Yes for a multiple day trip you want bike shorts.

Nothing under as you don't what anything that will bunch up or have seams.

As for over if you don't want the tight shorts there are mountain and commuter shorts with a baggy shell (with pockets). That is probably what you want.

Ideally you would a have clean pair for each day. What can happen is the bacteria will build up and then if you chafe things go bad. At a minimum turn em inside out and let them dry.

At the end of the day get out of the bike shorts as soon as possible and lets things air out. If you can take a shower as soon as possible (and I like baby powder after the shower). Other wise use like a baby wipe.

Take a few 40+ miles rides just to get your butt used to it.

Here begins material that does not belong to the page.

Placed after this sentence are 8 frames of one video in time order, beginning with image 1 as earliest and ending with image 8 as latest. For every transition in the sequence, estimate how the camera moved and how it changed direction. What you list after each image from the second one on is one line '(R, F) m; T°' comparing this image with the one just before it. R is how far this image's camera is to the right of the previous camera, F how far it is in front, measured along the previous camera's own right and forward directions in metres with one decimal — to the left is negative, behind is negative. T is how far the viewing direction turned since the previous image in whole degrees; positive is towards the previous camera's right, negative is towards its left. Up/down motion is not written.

Also form, saddle, and bike fit are factors. A big cushy saddle is more friction. A smooth cadence not rocking on the seat is good. Come out of the seat every once in a while and let things breath. On a downhill you can rock to the side and let things breath. OK no way to say this pretty but pull your junk up get it out of harms way. Be aware of your butt. I have seen people get fatigued and just pedal and pedal in one position.

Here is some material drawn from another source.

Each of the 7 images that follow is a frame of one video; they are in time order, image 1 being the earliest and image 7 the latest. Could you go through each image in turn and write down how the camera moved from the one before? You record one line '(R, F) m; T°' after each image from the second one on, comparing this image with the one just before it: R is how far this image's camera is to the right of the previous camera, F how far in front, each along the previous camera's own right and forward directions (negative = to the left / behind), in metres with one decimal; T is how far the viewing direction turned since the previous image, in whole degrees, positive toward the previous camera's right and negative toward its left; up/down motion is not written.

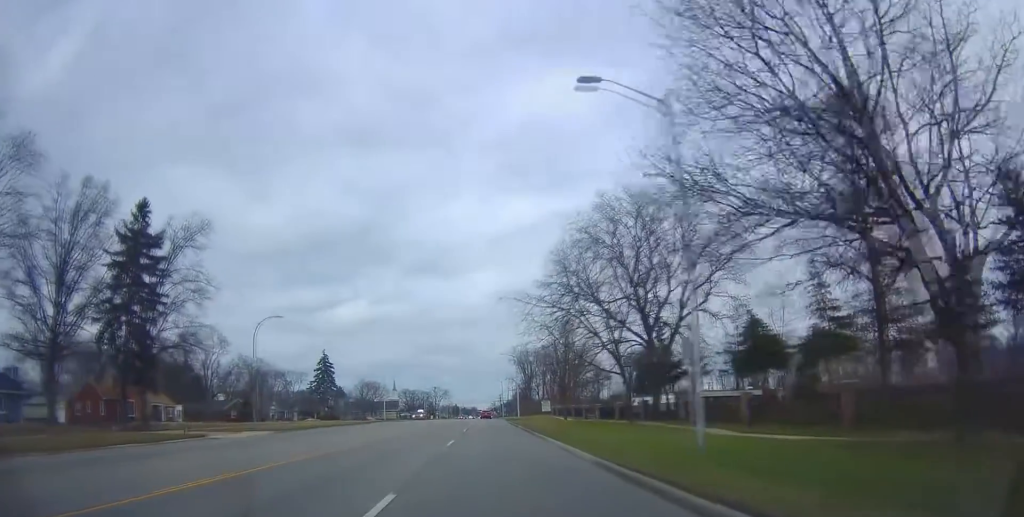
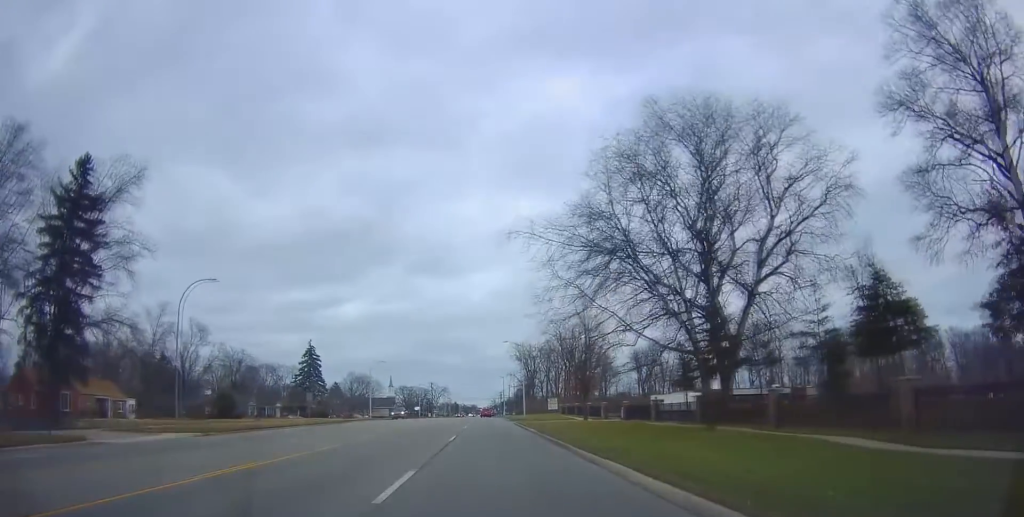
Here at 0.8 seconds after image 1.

Things cannot go that bad in 3 days but on longer rides things can really go bad and you can't recover on the ride. Has not happened to me but I have seen people with miserable multiple days rides due to poor crotch maintenance.

I bike a lot and for me I put on bike shorts over 40 miles and clean them after each ride. You don't want to chafe with a lot of bacteria in you shorts.

I am not a fan of the ointments / butters but I know a lot of people are. If you cannot shower what happens is they hold bacterial.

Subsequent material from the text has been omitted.